Exercise aim » Nothing but the lines from the one containing "Which beetle species" through the last line of the records below should be copied, exactly and without pictures.

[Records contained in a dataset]
=-=-=-=-=

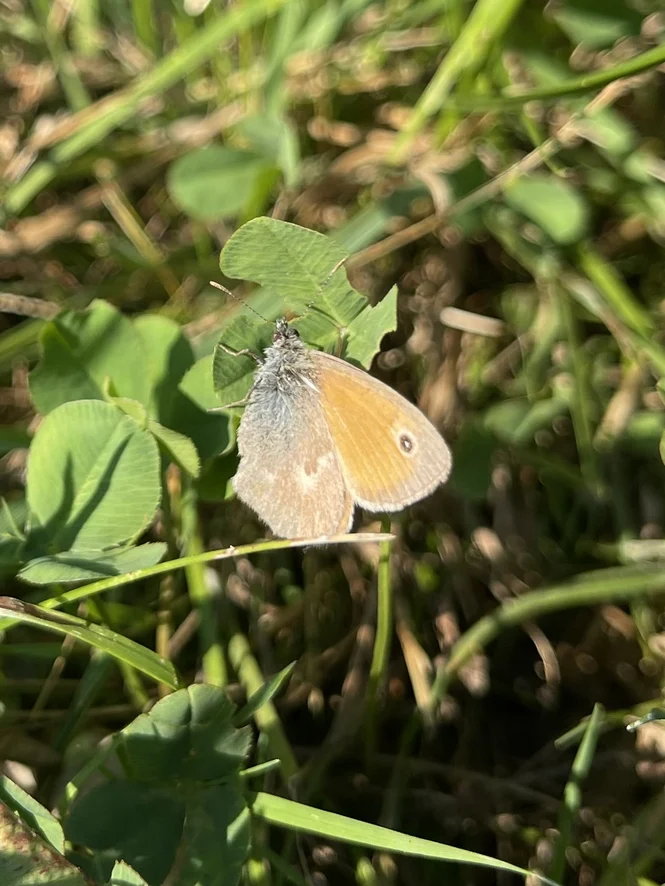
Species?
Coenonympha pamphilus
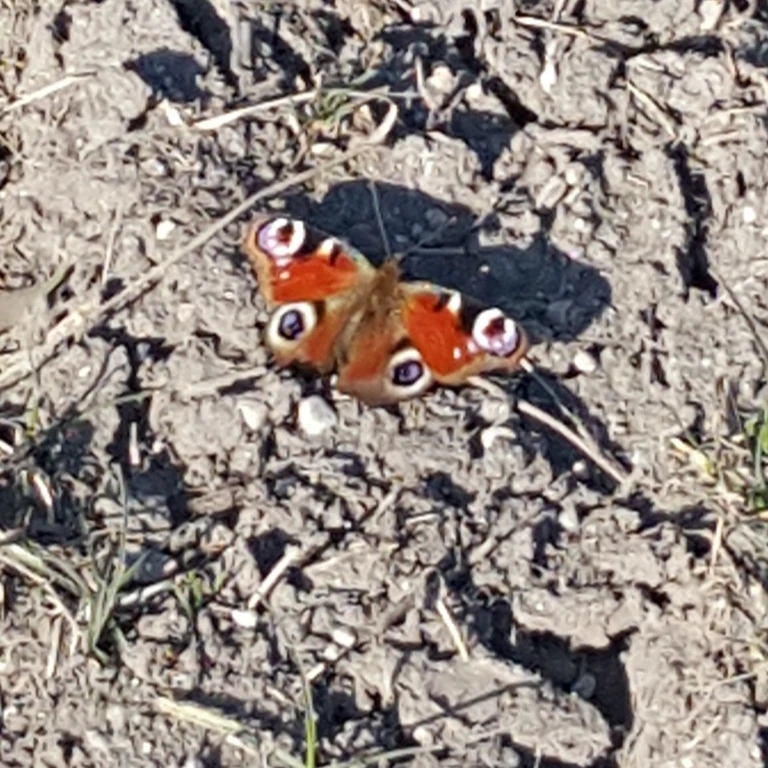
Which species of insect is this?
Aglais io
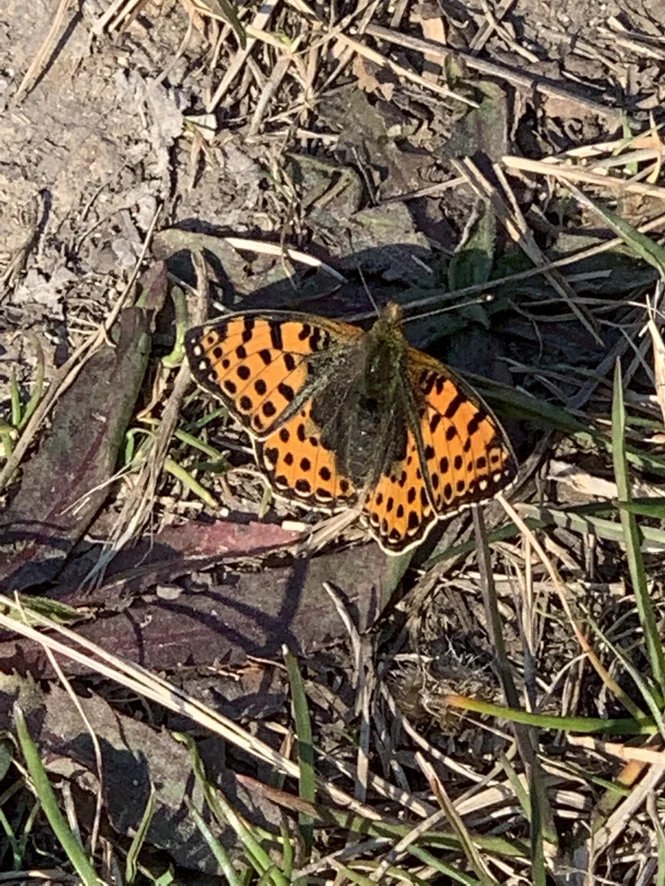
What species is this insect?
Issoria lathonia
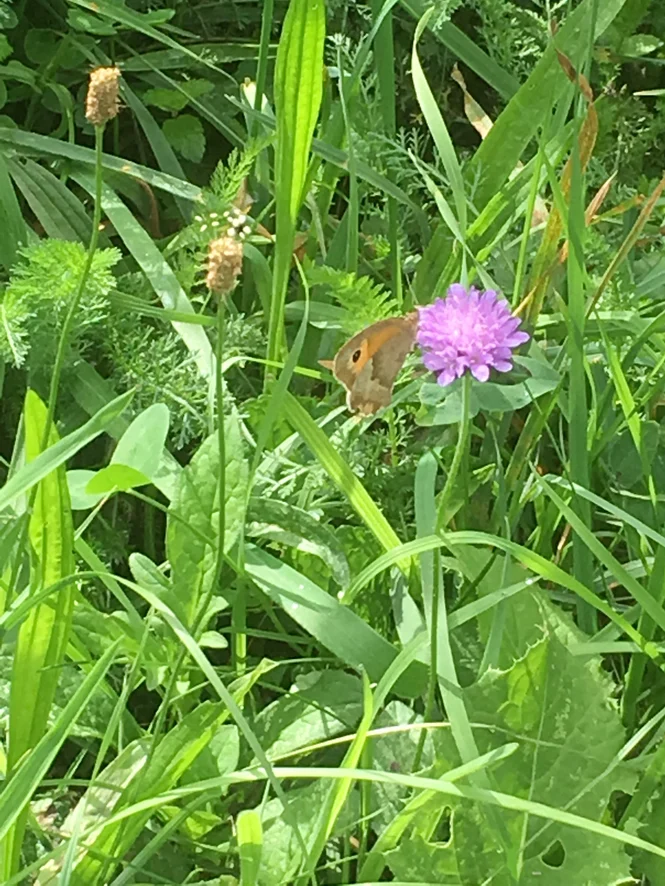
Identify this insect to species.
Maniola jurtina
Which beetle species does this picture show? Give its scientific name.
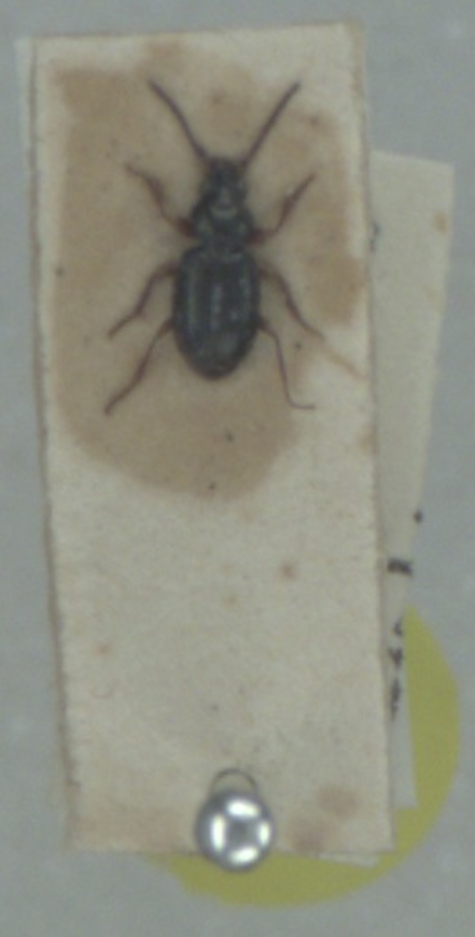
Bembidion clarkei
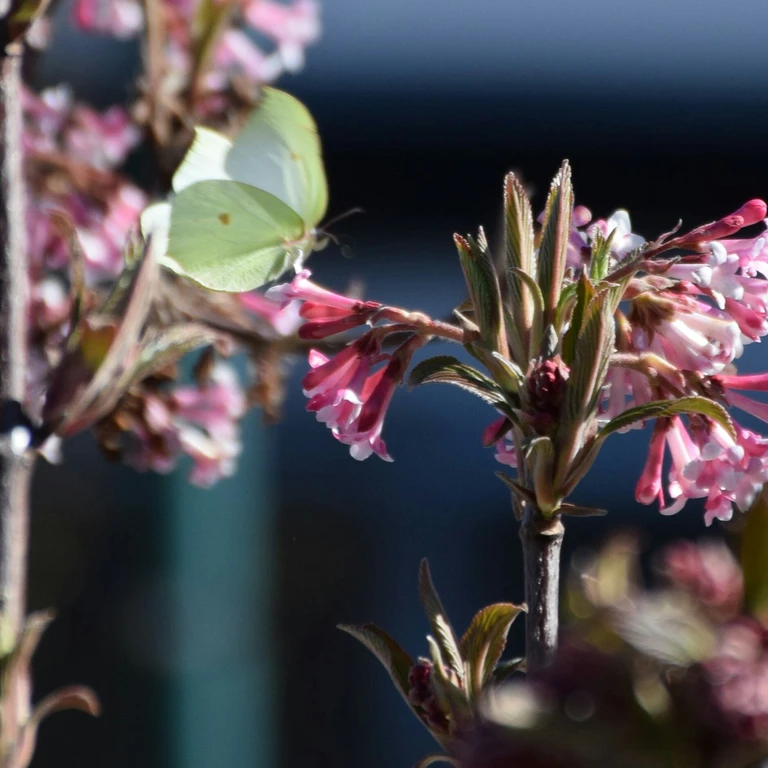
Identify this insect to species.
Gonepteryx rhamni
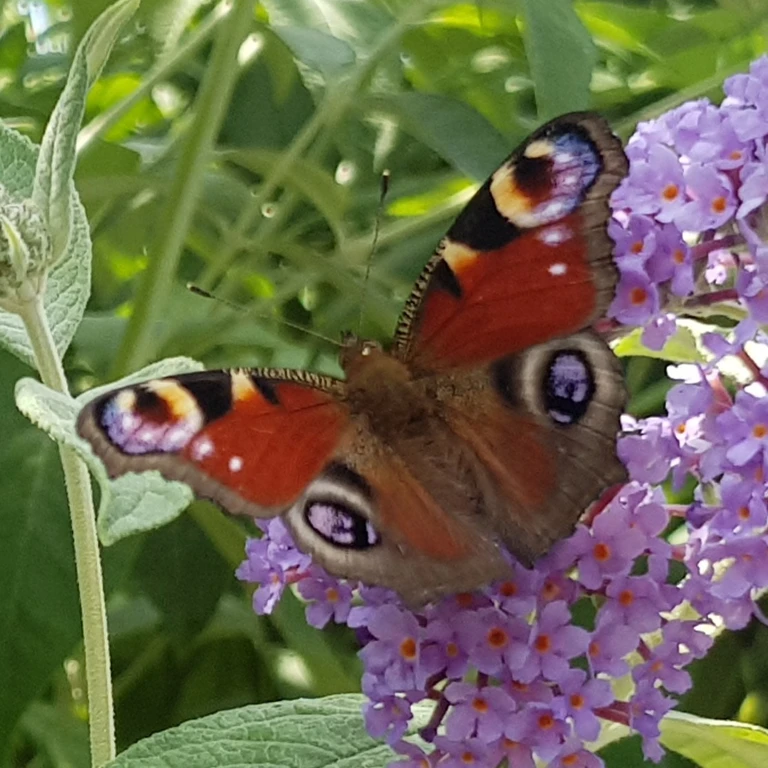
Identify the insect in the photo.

=-=-=-=-=

Result »
Which beetle species does this picture show? Give its scientific name.
Bembidion clarkei
Identify this insect to species.
Gonepteryx rhamni
Identify the insect in the photo.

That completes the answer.